ISSUE-18 (property typing): REPORTED: Fine-grained property typing

ISSUE-18 (property typing): REPORTED: Fine-grained property typing

http://www.w3.org/2007/OWL/tracker/issues/

Raised by: Peter Patel-Schneider
On product: 

Reported by jlc415, Jun 11, 2007

In OWL-DL whether a role name represented an object or a datatype property was inferred 
globally on the basis of the entire ontology. (If it was not possible to infer which type a property 
was, then the difference did not make any difference to interpretation of the ontology.) It was 
possible to use a property in (for example) cardinality restrictions without making it explicit 
which type of property was used.

The current syntax specification requires that every use of a property explicitly encode whether 
the property should be treated as a datatype or as an object property.
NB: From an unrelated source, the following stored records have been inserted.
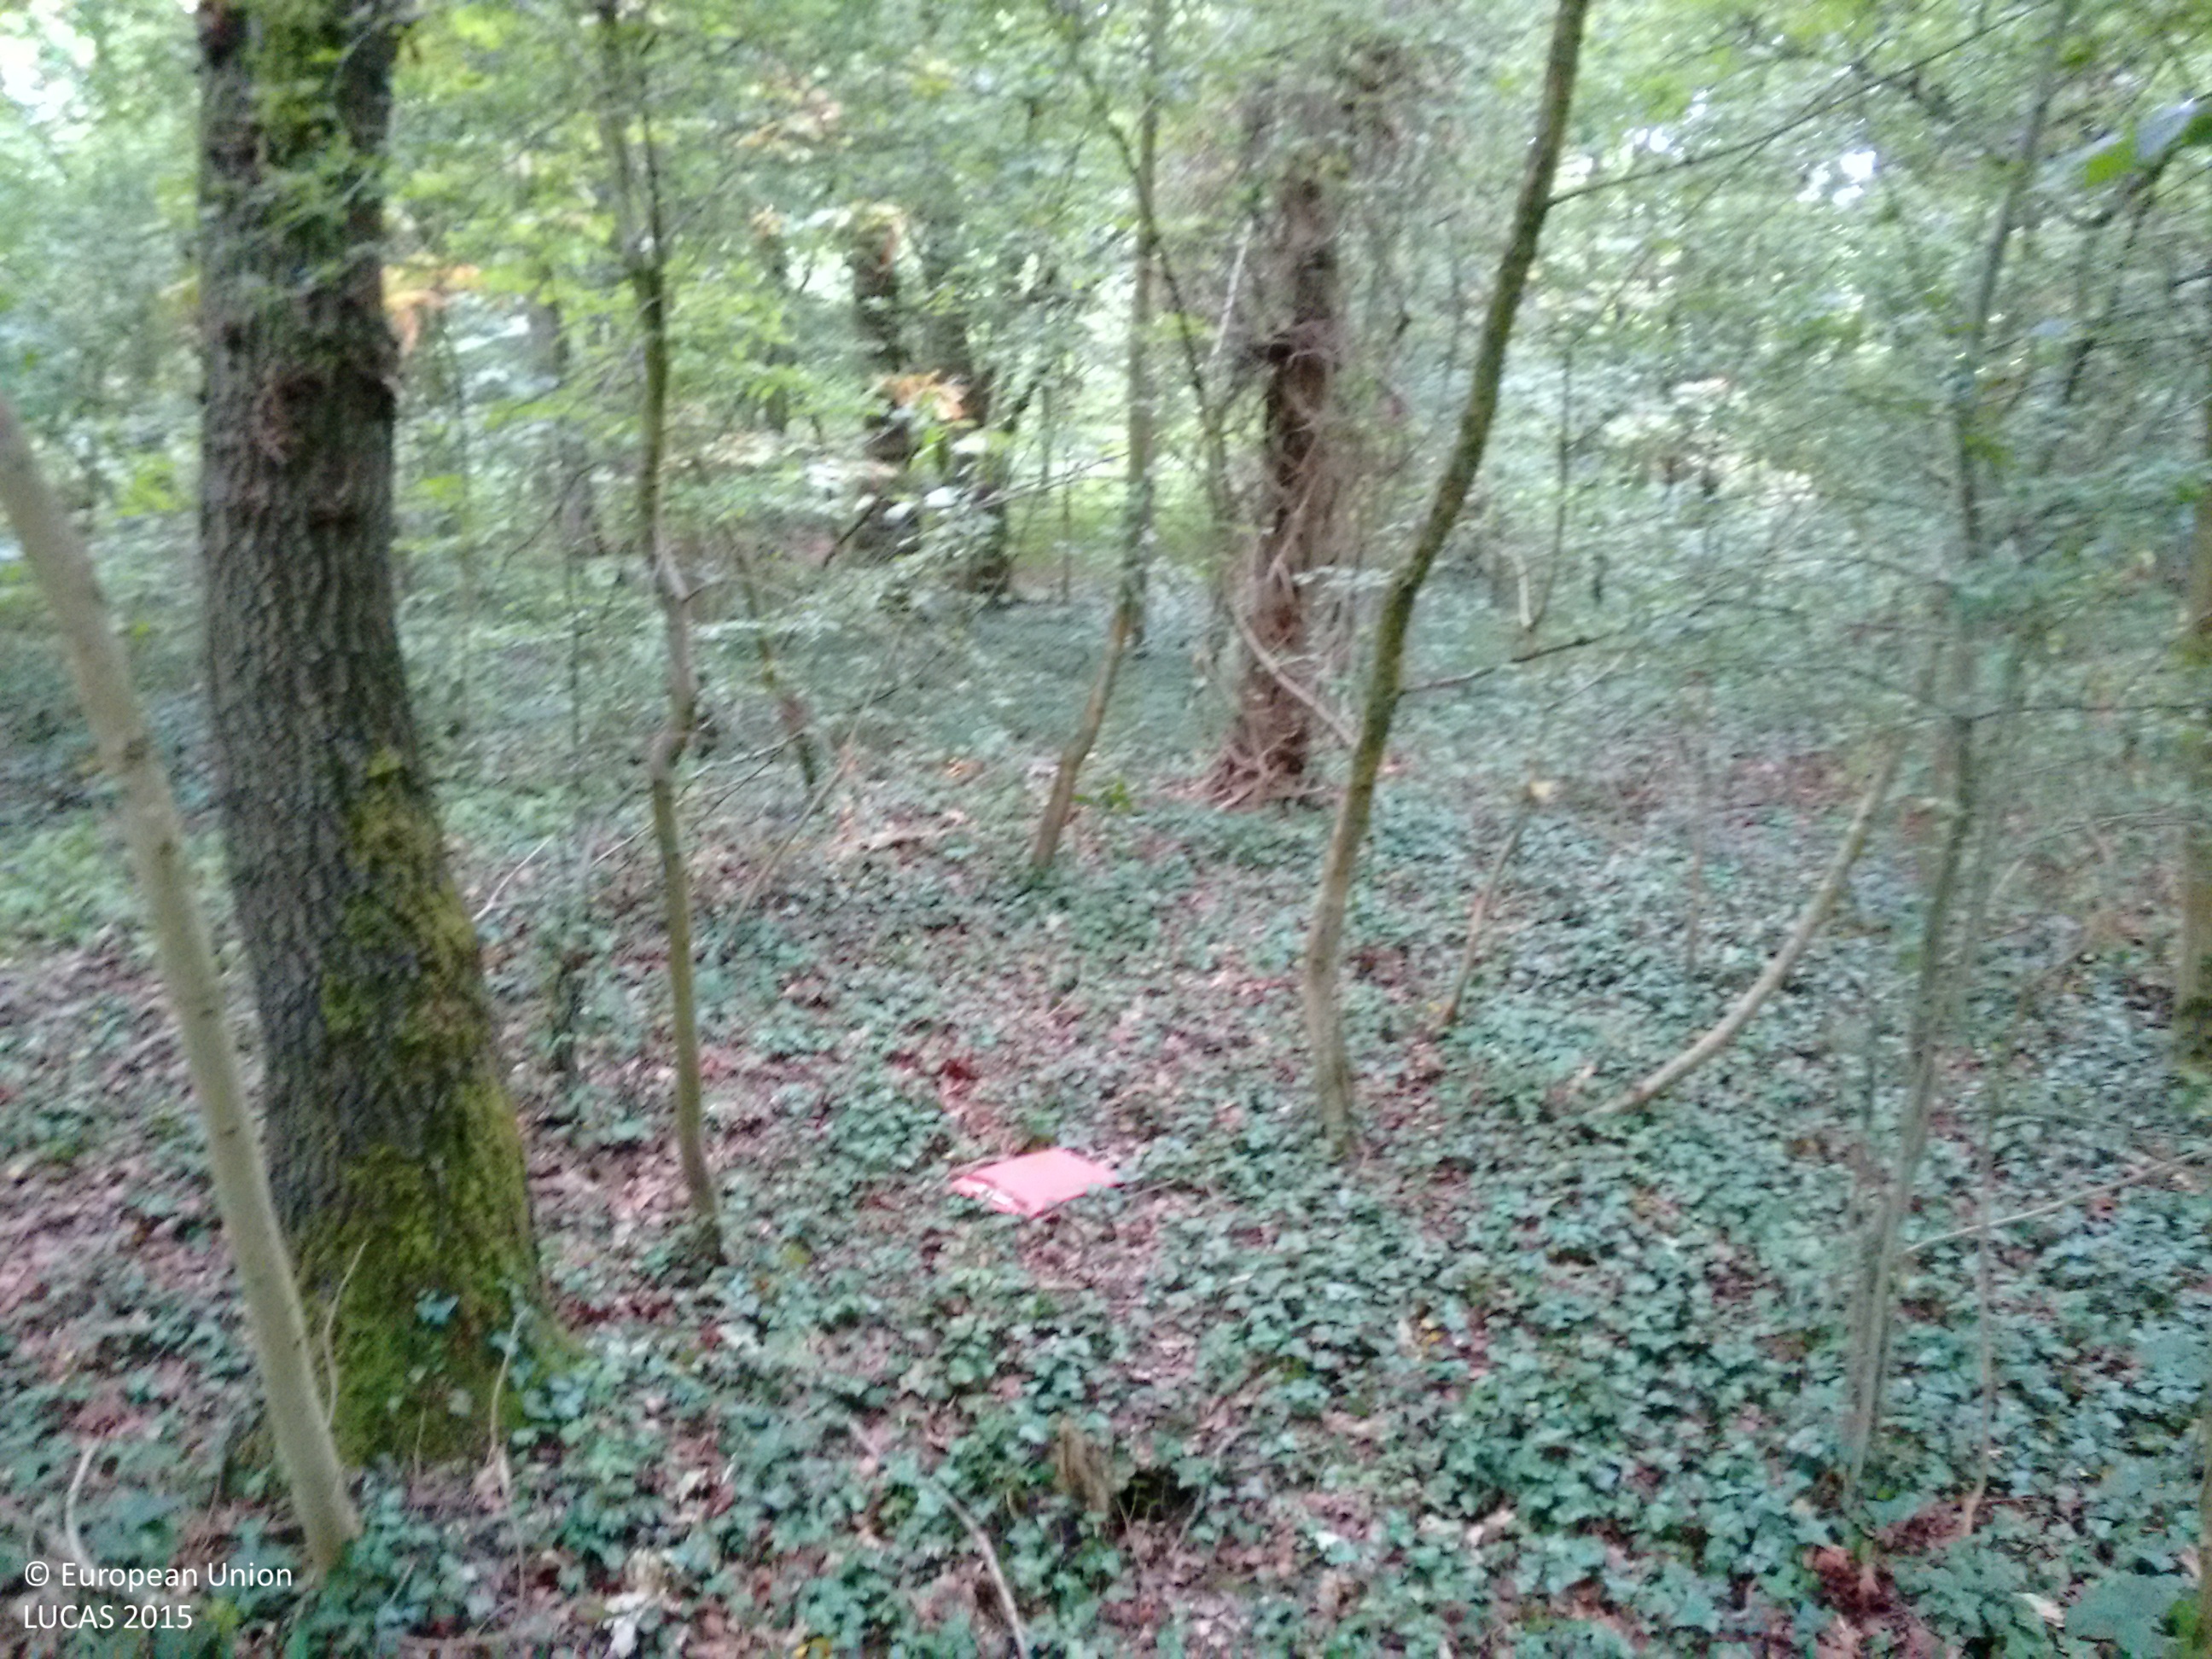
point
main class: Woodland
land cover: Broadleaved woodland
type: mesophytic deciduous forest
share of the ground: > 75 %
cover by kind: broadleaved forest trees 80 %, shrubs 15 %, herbaceous plants 5 %
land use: Amenities, museums, leisure
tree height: > 5 m
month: July
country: GB
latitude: 51.3124
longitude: -0.2938
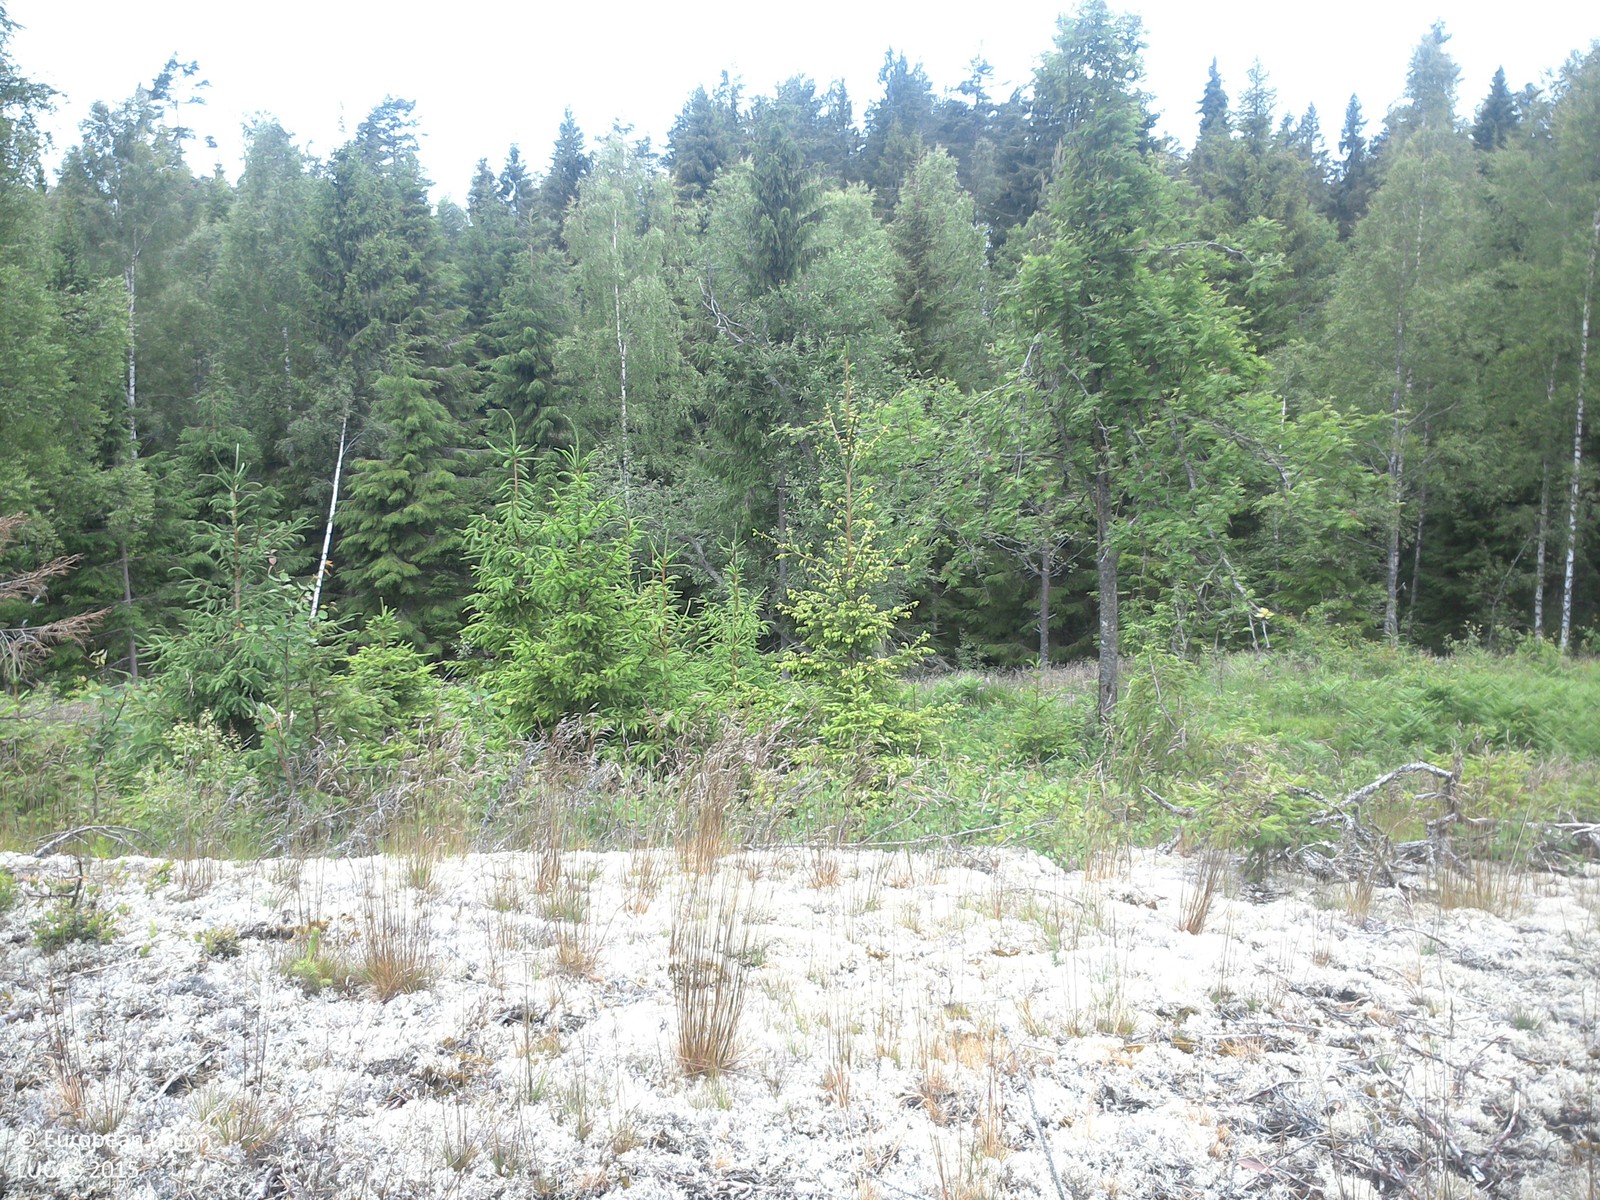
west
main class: Woodland
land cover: Pine dominated coniferous woodland
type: boreal forest
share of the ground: 10 - 25 %
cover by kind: herbaceous plants 45 %, lichens and mosses 40 %, coniferous forest trees 15 %
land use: Forestry
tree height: > 5 m
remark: Clear cut
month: June
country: SE
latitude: 58.1452
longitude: 15.4482
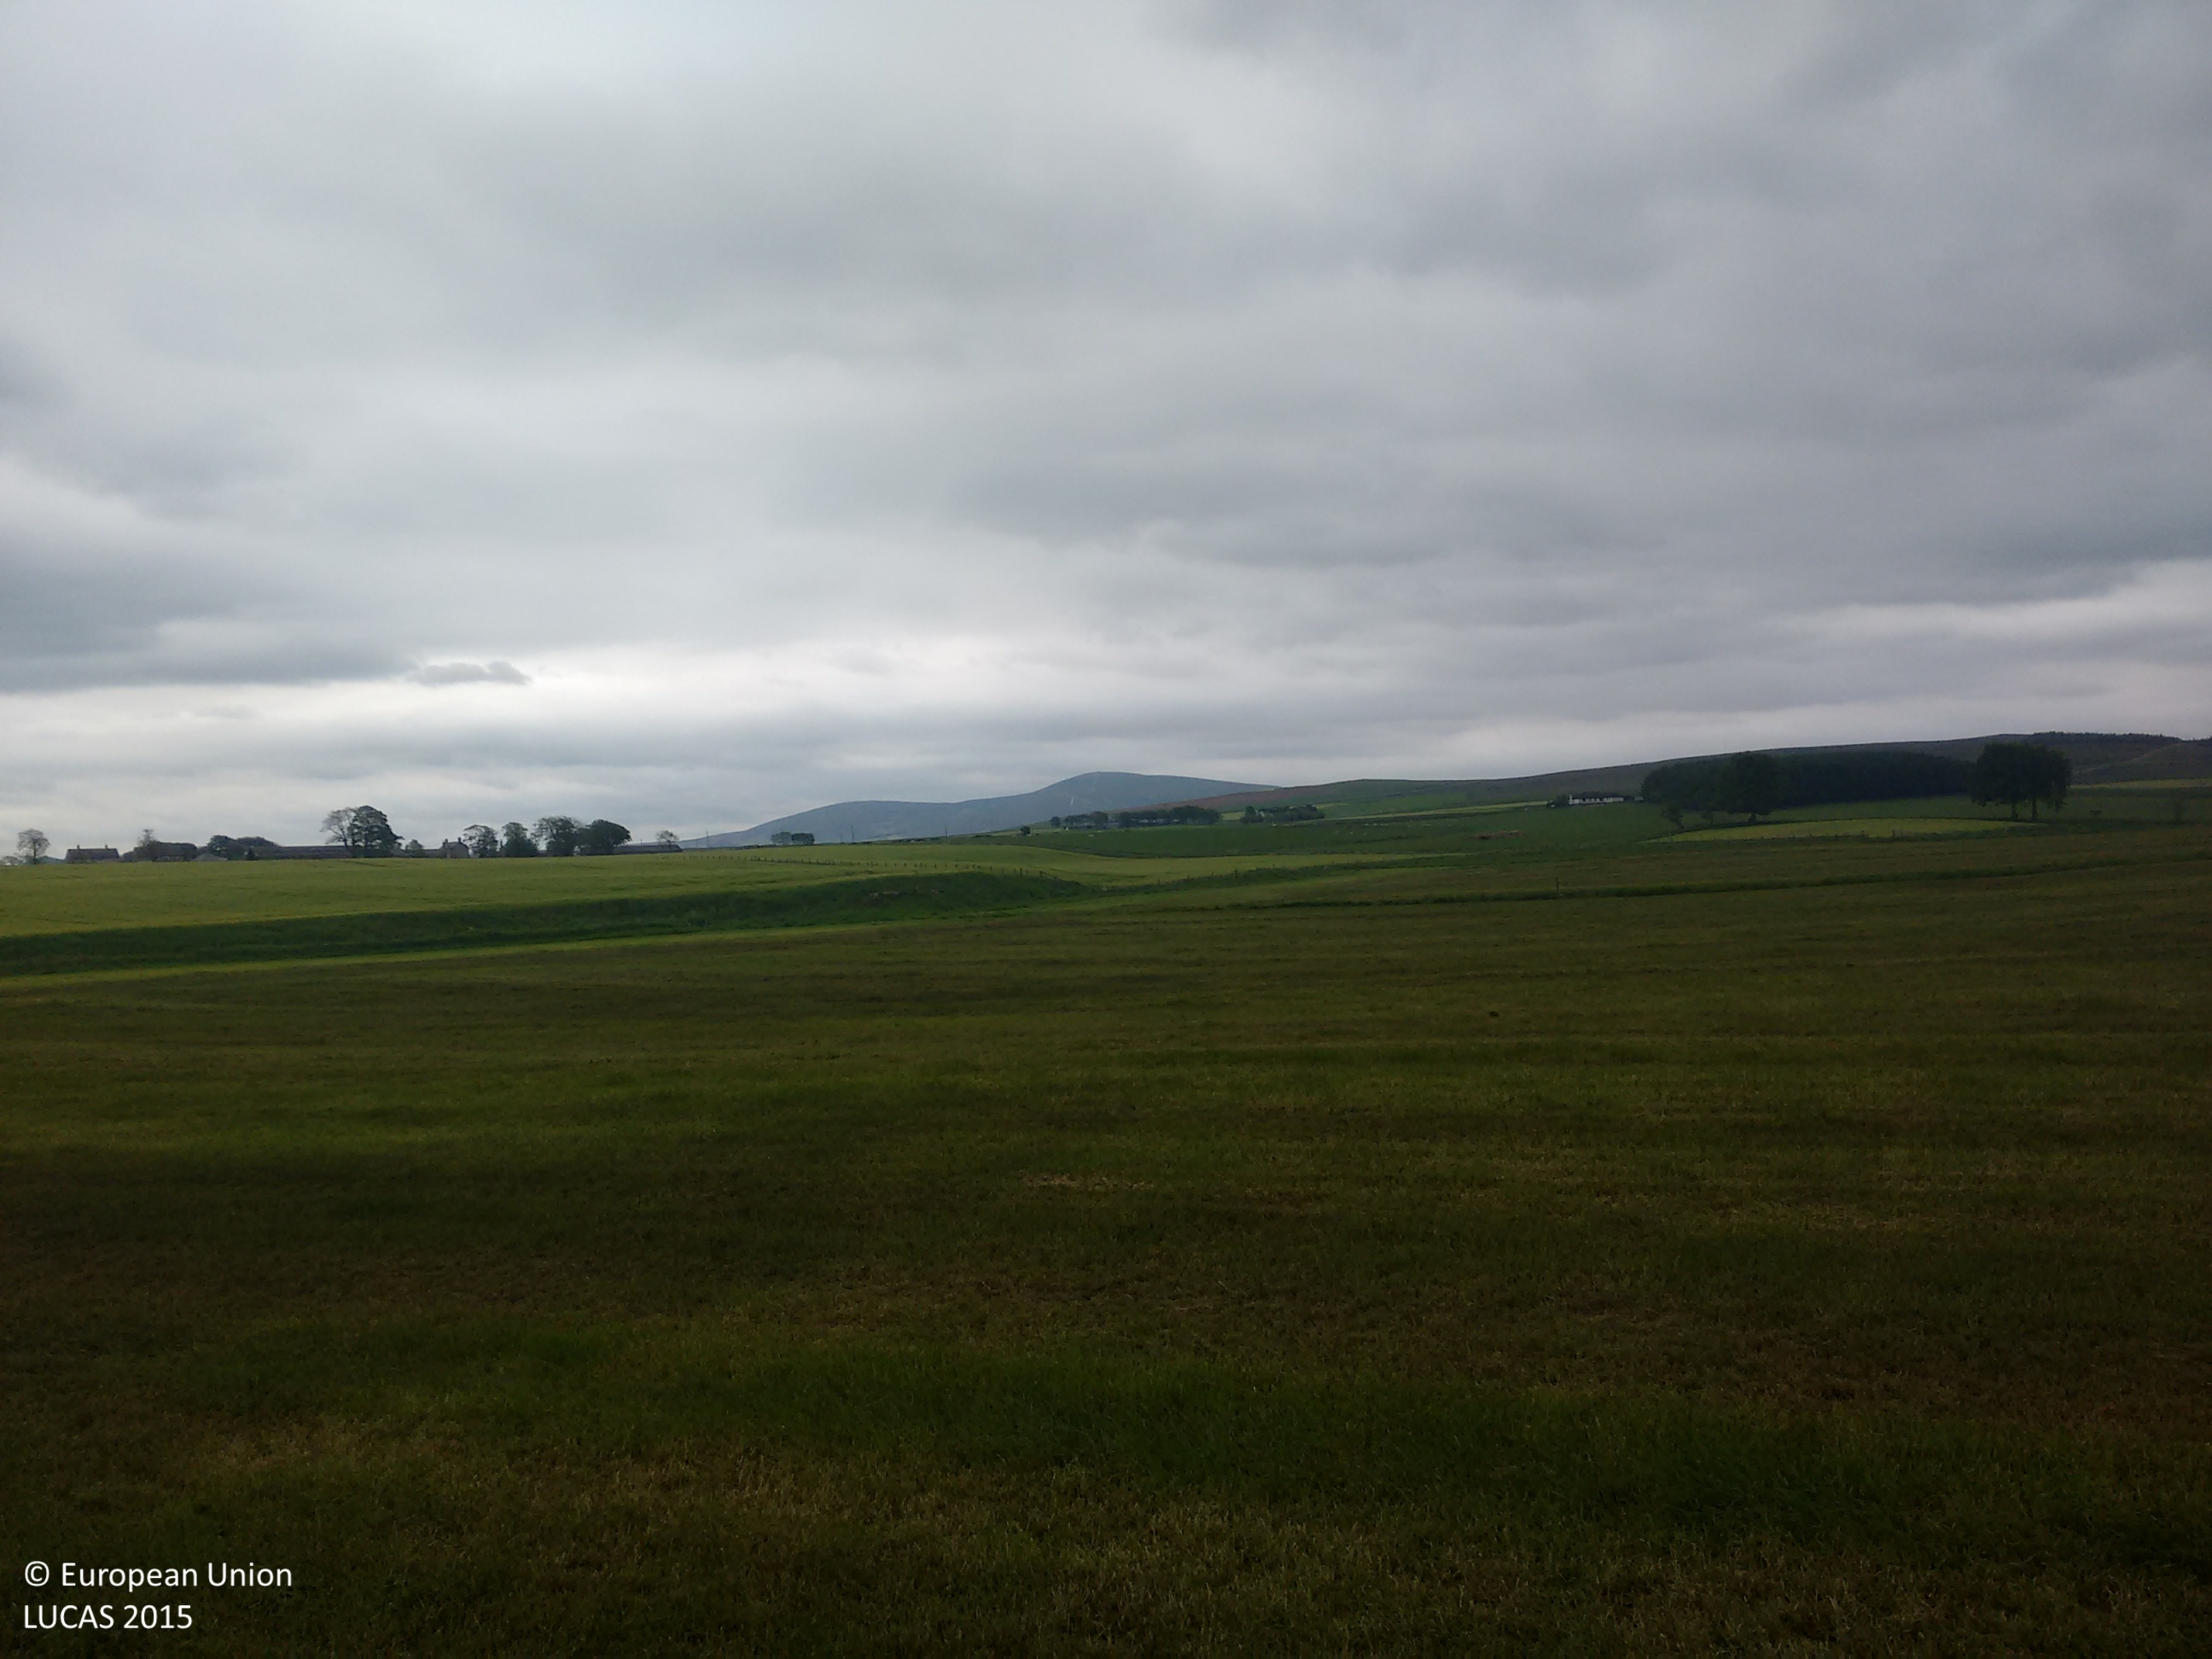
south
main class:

The extra verbosity 
required might not be considered an issue for the (already cumbersome) abstract syntax, but it 
prevents any terse alternate syntax from being converted to a valid OWL 1.1 fragment. 
Manchester OWL Syntax, for example, lets one to write expressions along the lines of

hasAddress atleast 1

but there are two possible translations of this expression to OWL 1.1:

ObjectMinCardinality(1 hasAddress)

and

DataMinCardinality(1 hasAddress)

This is a significant problem for interfaces which allow users to write OWL fragments in isolation.

This issue is related to that of object/datatype property punning. If such punning were 
disallowed then there would be no need for such explicit typing.